Из домов доносился слабый напев, монотонная жалобная песнь, обрывавшаяся сразу с моим появлением на пороге; неопределенный запах пота, мокрой одежды, мертвой плоти насыщал воздух убогого жилища, где жалкие старики, женщины и дети громоздились, как узники в камере: кто сидел на полу, кто стоял, прислонившись к стене, кто лежал на куче соломы и бумаги. Больные, умирающие и мертвые лежали на кроватях. Все молчали и смотрели на Ангела за моей спиной. Кто-то продолжал жевать кусок чего-то. Молодые люди с истощенными лицами и белыми глазами, увеличенными линзами очков, стояли у окон и читали. И в этом тоже была попытка обмануть унизительное ожидание смерти. При нашем появлении кто-то вставал, или отлипал от стены, или отделялся от своих и шел нам навстречу, говоря негромко по-немецки: «Я иду».

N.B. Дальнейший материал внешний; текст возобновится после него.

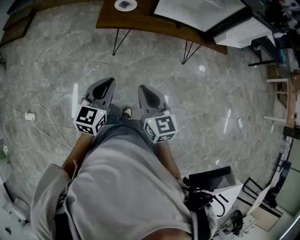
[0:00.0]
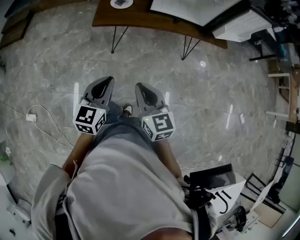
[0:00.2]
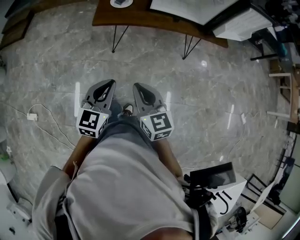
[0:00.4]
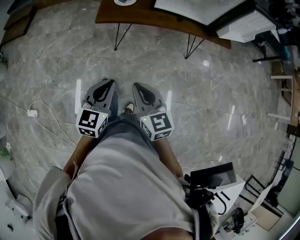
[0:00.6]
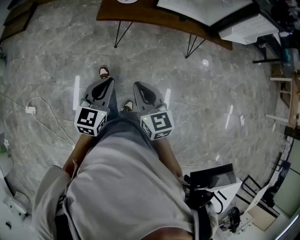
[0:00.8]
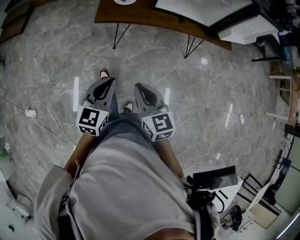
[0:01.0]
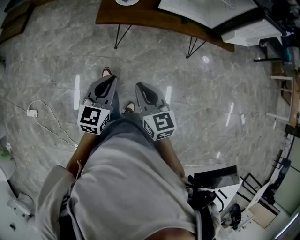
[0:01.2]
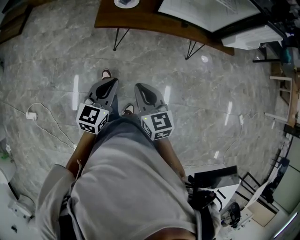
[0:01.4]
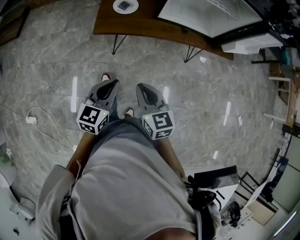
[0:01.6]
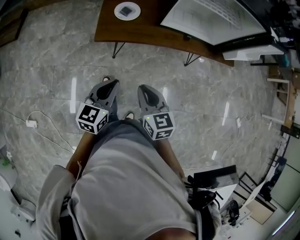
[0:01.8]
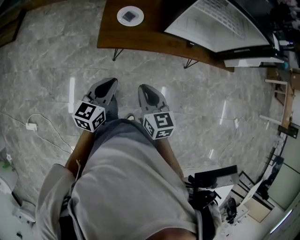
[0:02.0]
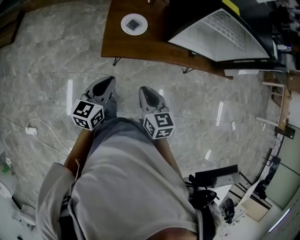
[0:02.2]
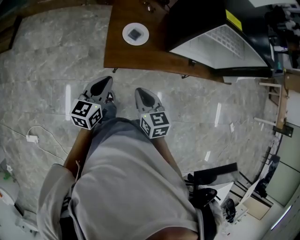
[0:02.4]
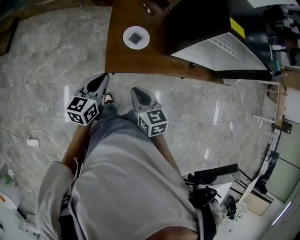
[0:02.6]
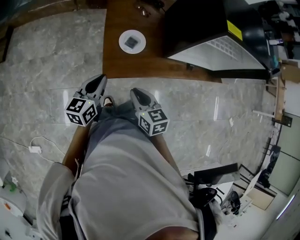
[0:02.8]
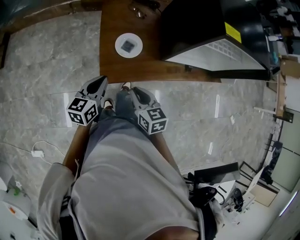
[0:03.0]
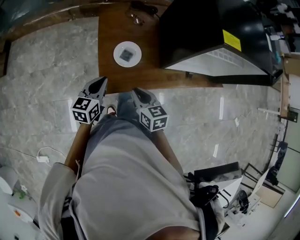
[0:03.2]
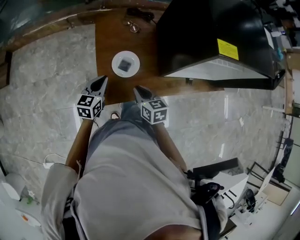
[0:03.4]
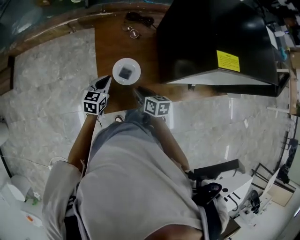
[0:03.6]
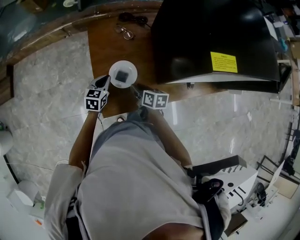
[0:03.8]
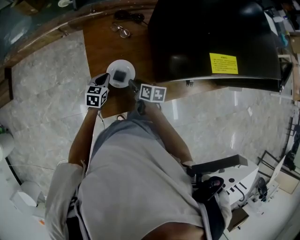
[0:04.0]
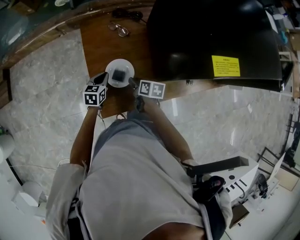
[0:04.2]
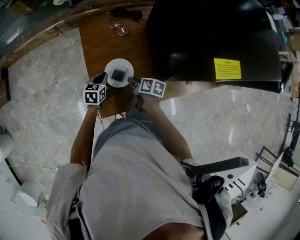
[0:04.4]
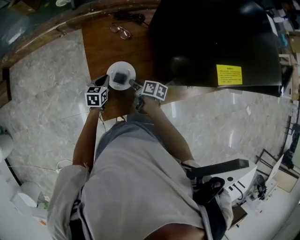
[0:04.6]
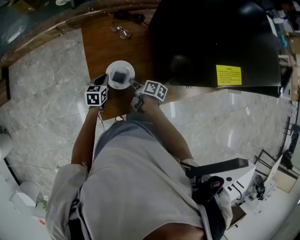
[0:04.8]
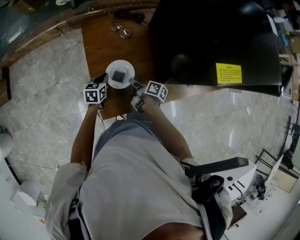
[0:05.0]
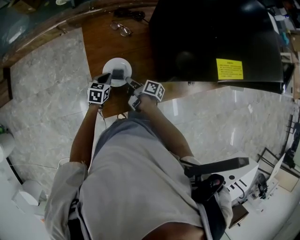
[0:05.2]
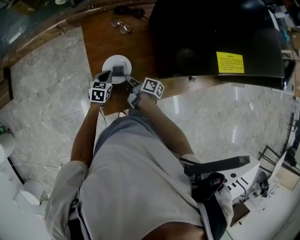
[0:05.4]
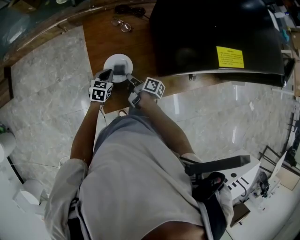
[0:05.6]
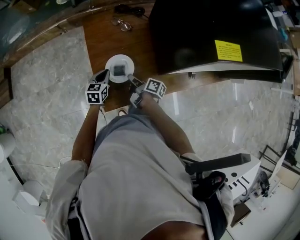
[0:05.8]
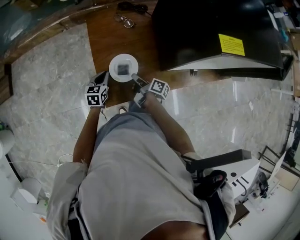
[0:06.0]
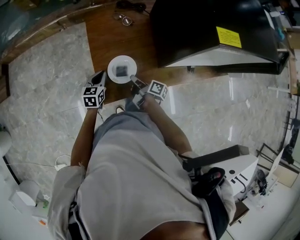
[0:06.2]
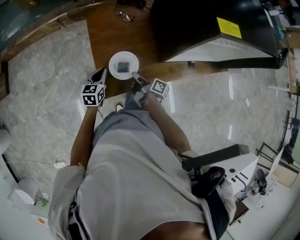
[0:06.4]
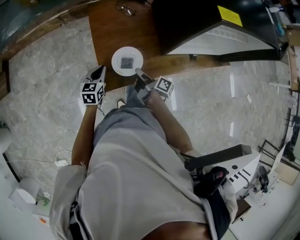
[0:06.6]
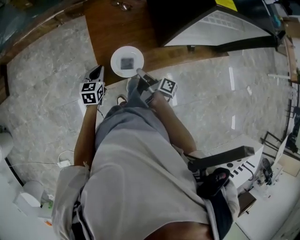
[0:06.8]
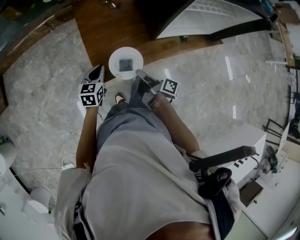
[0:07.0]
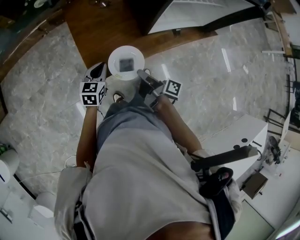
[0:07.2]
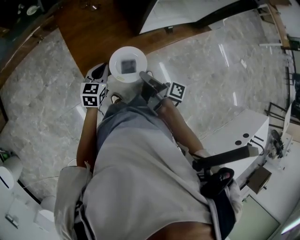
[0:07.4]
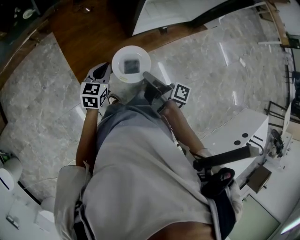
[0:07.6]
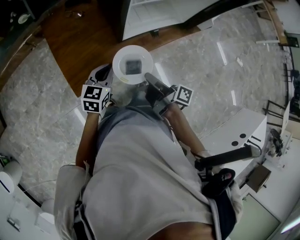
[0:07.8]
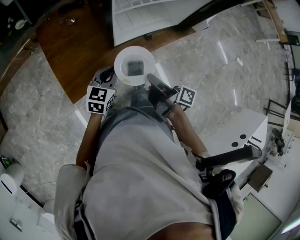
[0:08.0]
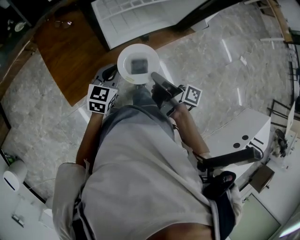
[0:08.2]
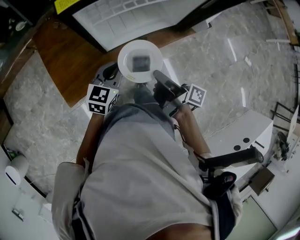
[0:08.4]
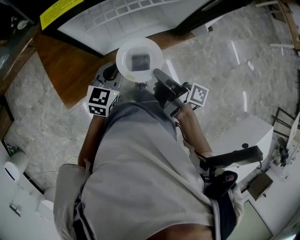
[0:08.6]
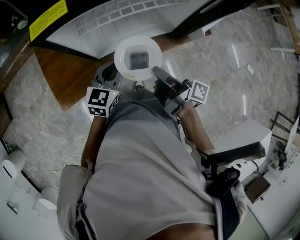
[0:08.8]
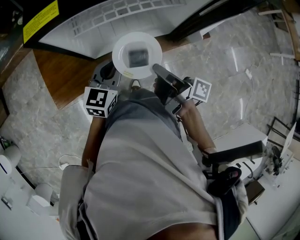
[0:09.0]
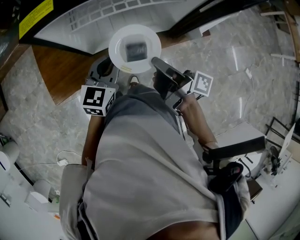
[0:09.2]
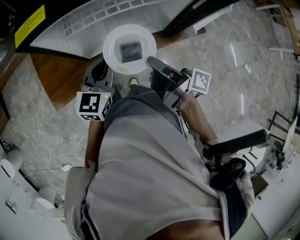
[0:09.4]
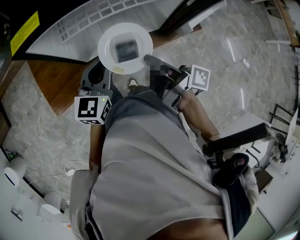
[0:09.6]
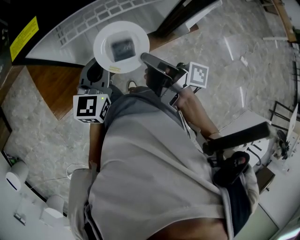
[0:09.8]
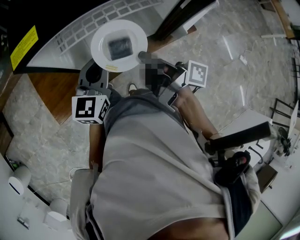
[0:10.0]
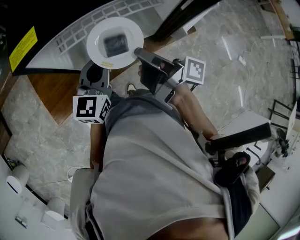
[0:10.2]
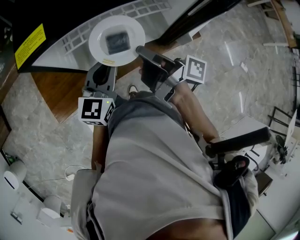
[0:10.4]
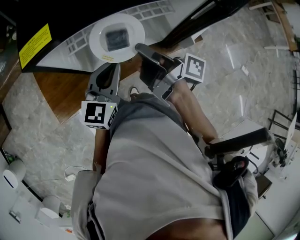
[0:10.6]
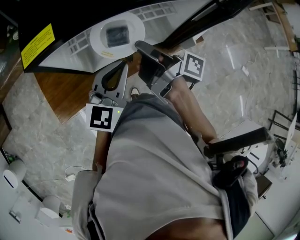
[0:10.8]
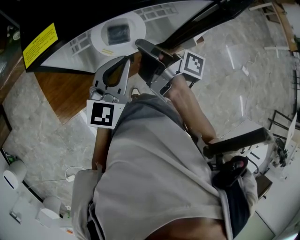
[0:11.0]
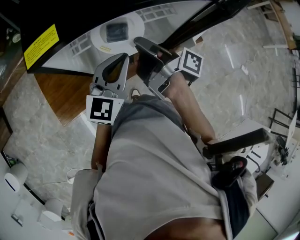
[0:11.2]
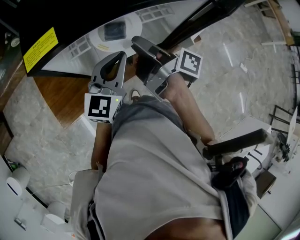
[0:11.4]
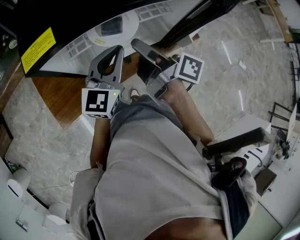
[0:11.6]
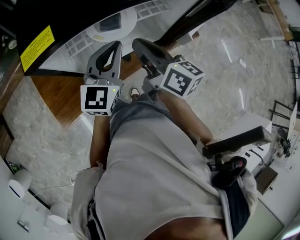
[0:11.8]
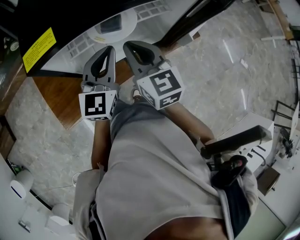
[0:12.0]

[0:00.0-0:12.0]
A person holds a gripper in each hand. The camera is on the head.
0.0 to 1.6 s: Both grippers move forward, about 20 cm.
1.6 to 3.0 s: The two grippers travel together, forward and to the left, about 50 cm.
3.0 to 4.4 s: Both grippers travel together forward and downward, some 35 cm. The left gripper turns by approximately 30 degrees, while the right gripper twists roughly 50 degrees clockwise, seen from behind, and opens its fingers.
4.4 to 6.0 s: The two grippers go about 5 cm backward. The right gripper changes its angle by roughly 30 degrees, and closes its fingers.
6.0 to 7.6 s: The two grippers go approximately 30 cm backward, to the right and upward. The left gripper turns by some 20 degrees.
7.6 to 9.0 s: The pair of grippers is taken to the right and forward, approximately 40 cm.
9.0 to 10.4 s: The right gripper moves forward and upward, roughly 10 cm, while the left gripper is displaced upward by roughly 5 cm.
10.4 to 12.0 s: The right gripper twists about 80 degrees counterclockwise, seen from behind, and opens, then closes once more; the left gripper moves roughly 5 cm.

(В гетто Ченстохова, несколькими днями раньше, когда я появился на пороге одного дома, сидящий на полу под окном молодой человек тоже вышел вперед с неожиданно счастливым лицом, как если бы прожив до того дня в тревоге ожидания, он поверил, что пришел наконец его час, которого он раньше страшился, а теперь принимал с облегчением. Все молча смотрели на него, ни слова не вышло из их уст, ни жалобы, ни крика; даже когда я слегка оттолкнул его рукой, улыбнулся и сказал, что я не из гестапо и даже не немец. Я улыбался ему, слегка отталкивая назад, и видел, как в его глазах понемногу рождается разочарование, как в них возвращается тоска, из которой мое неожиданное появление вырвало его на несколько мгновений. Также и в Кракове, когда в тамошнем гетто я заглянул в один дом, юноша с потным лицом, закутанный в грязную шаль (он читал в углу книгу), вскочил при моем появлении. На вопрос, что он читает, юноша показал мне обложку сборника писем Энгельса и начал собираться. Он зашнуровал туфли, заправил грязные, служившие носками тряпки, поискал воротник истрепанной сорочки под пиджаком. Прокашлялся, прикрывая рот прозрачной рукой. Повернулся попрощаться со своими, все молча пристально смотрели на него; вдруг, уже подойдя к двери, он снял шаль, подошел к сидящей на постели старухе и хрупкой рукой закутал ей плечи, а потом догнал меня на выходе. Он отказывался понимать, почему ему надо возвращаться назад, когда я сказал, что он никуда не уходит. Юноша, оставивший старухе свою шаль, напомнил о другом эпизоде, когда в краковском гетто мне навстречу попались два совершенно голых еврея, шагавшие под конвоем эсэсовцев: один был бородатый старик, а второй – еще мальчик, не старше шестнадцати. Когда я рассказал об этом случае губернатору Кракова Вехтеру, он любезно поведал, что, когда гестаповцы приходят их брать, многие евреи раздеваются и раздают одежду друзьям и близким: им самим она уже ни к чему. Тем морозным зимним утром те двое шли голыми по снегу сквозь жгучие тридцать пять градусов ниже нуля.)
Тогда я повернулся к Черному Стражнику и сказал:
– Уходим.
Я молча шел по улице, рядом шел красивый лицом Черный Стражник с ясным жестоким взглядом, в стальной каске, надвинутой на лоб, я шел рядом с Ангелом Израиля и ждал, что он остановит меня и скажет: «Пришли». Я думал об Иакове, схватившемся с Ангелом. Дул ледяной ветер цвета личика мертвого дитяти. Опускался вечер, день умирал под стеной, как паршивый пес.